Your goal »
Lines before the one containing "The camera travels" are to be skipped; reproduce that line and the rest of the records below exactly.

Information shown »
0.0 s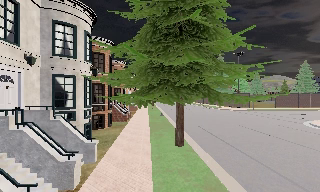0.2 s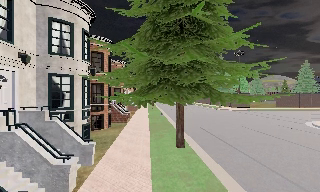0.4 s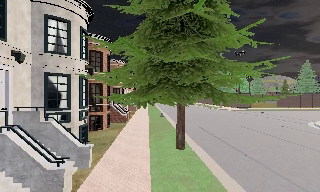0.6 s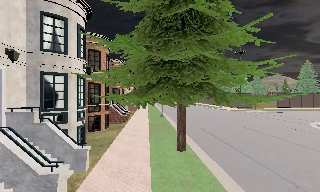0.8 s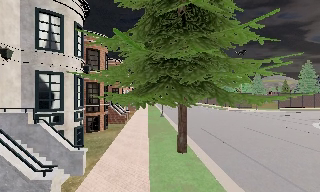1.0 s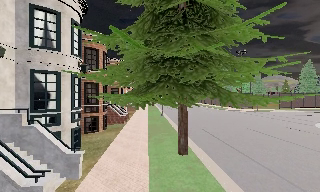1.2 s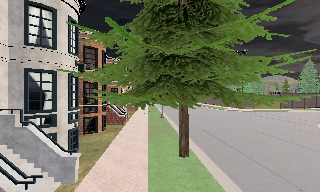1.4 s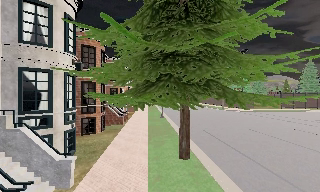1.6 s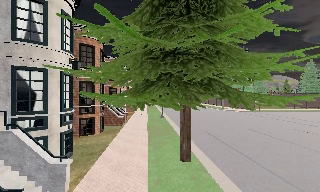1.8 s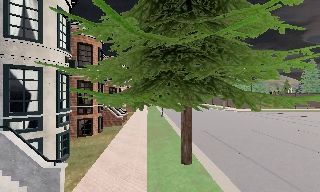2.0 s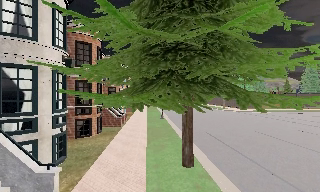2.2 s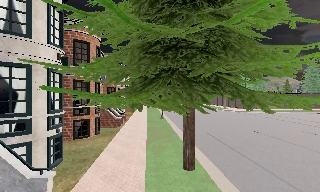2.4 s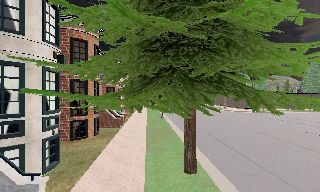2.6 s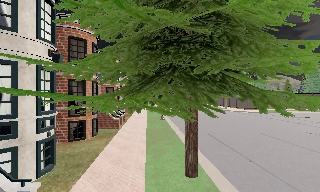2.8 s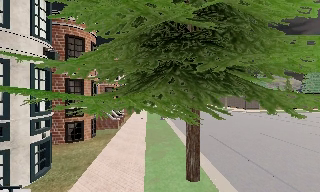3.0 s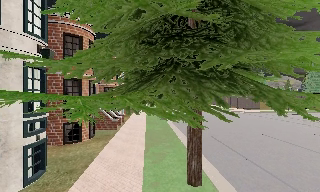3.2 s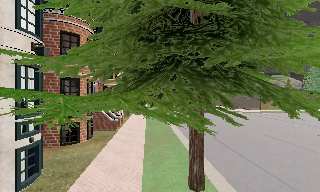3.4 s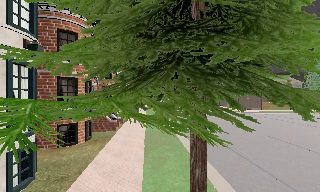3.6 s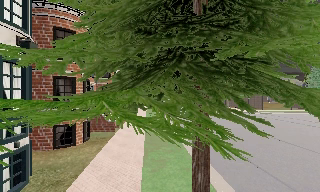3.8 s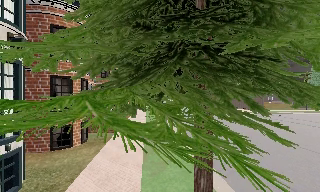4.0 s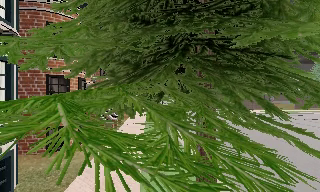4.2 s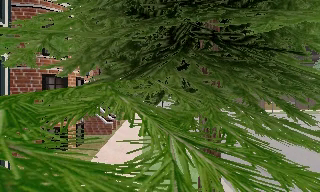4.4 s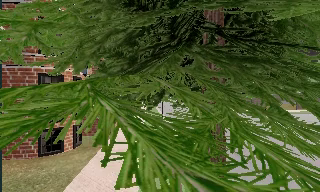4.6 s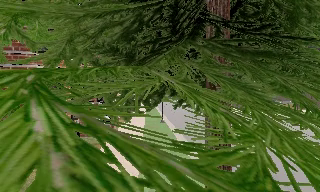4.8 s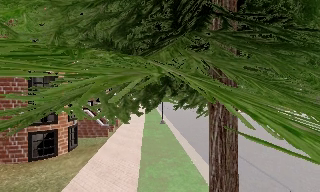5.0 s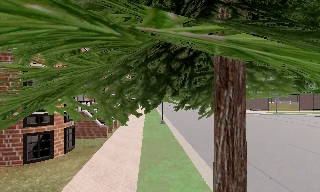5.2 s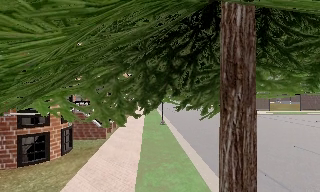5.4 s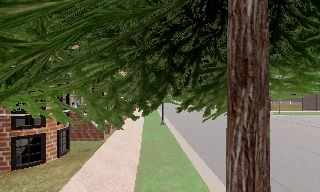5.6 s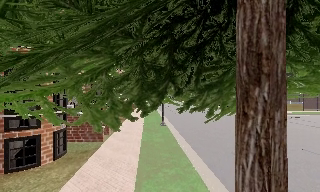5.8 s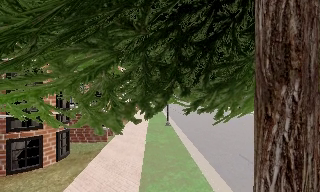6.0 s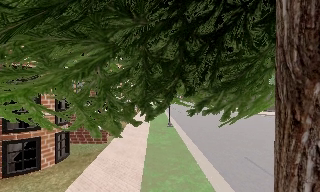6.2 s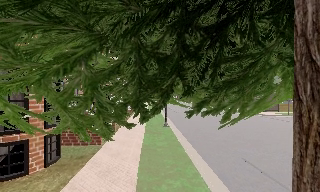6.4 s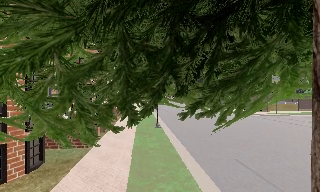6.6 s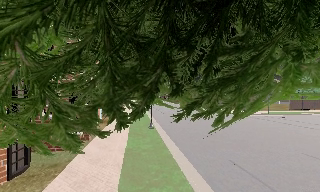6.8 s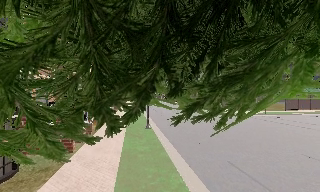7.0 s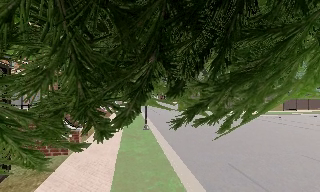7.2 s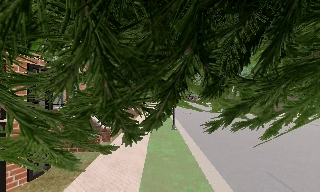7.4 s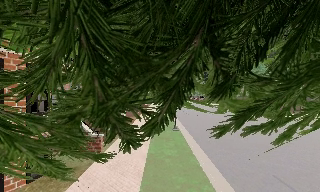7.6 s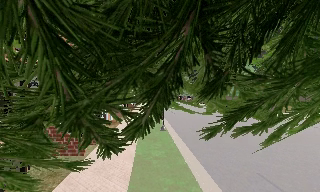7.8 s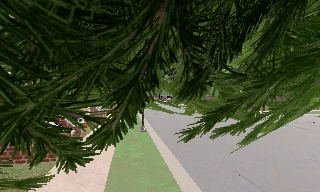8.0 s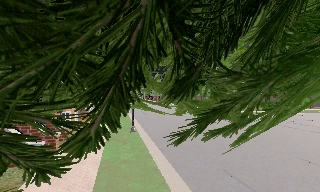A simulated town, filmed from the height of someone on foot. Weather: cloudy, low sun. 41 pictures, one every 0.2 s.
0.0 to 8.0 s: The scene slides to the left, as the camera pans about 10 degrees to its right. It travels forward, about 9 m, so what stands in front looms larger.
The film runs forward here.
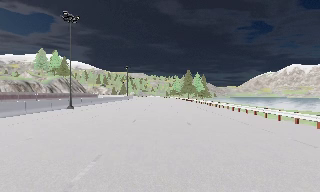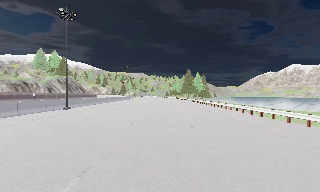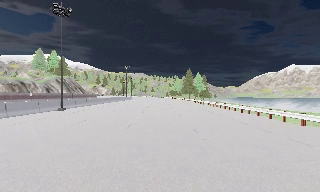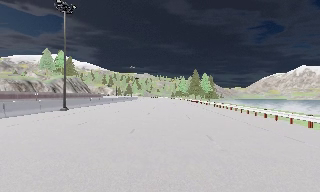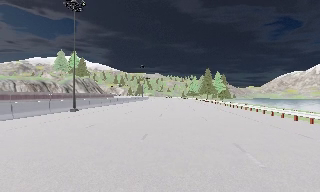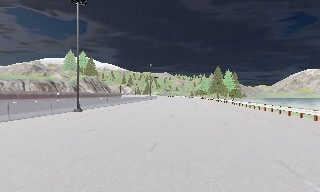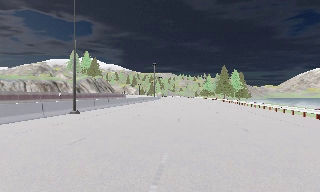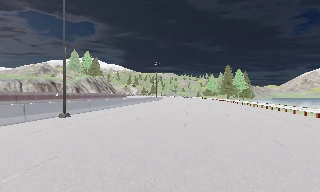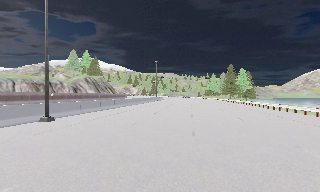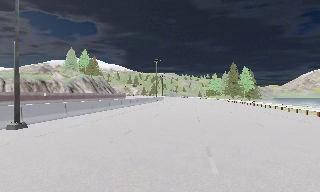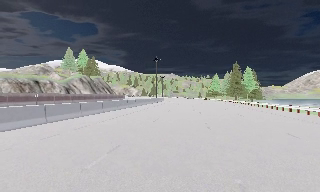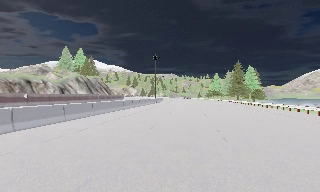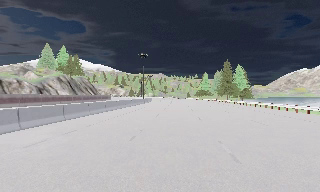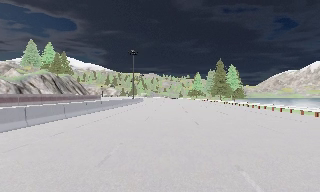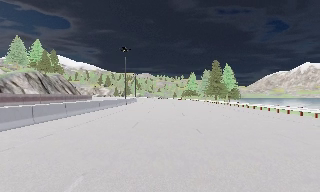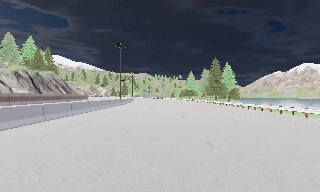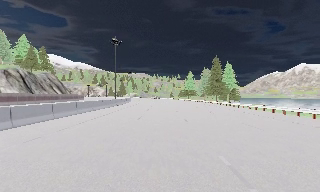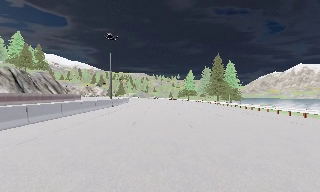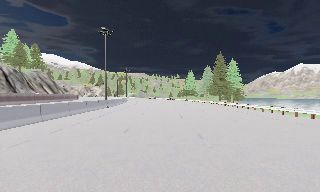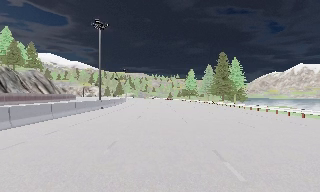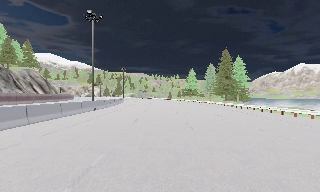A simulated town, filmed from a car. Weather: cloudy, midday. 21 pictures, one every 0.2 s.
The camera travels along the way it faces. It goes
forward.
0.0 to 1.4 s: The scene slides to the right, as the camera pans about 10 degrees to its left. It travels forward, about 9 m, so what stands in front looms larger. It gains speed.
1.4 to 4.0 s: The scene slides to the left, as the camera pans about 10 degrees to its right. It travels forward, about 30 m, so what stands in front looms larger.
The film runs forward here.

Task result »
The camera travels along the way it faces. It goes
forward.
0.0 to 1.4 s: The scene slides to the right, as the camera pans about 10 degrees to its left. It travels forward, about 9 m, so what stands in front looms larger. It gains speed.
1.4 to 4.0 s: The scene slides to the left, as the camera pans about 10 degrees to its right. It travels forward, about 30 m, so what stands in front looms larger.
The film runs forward here.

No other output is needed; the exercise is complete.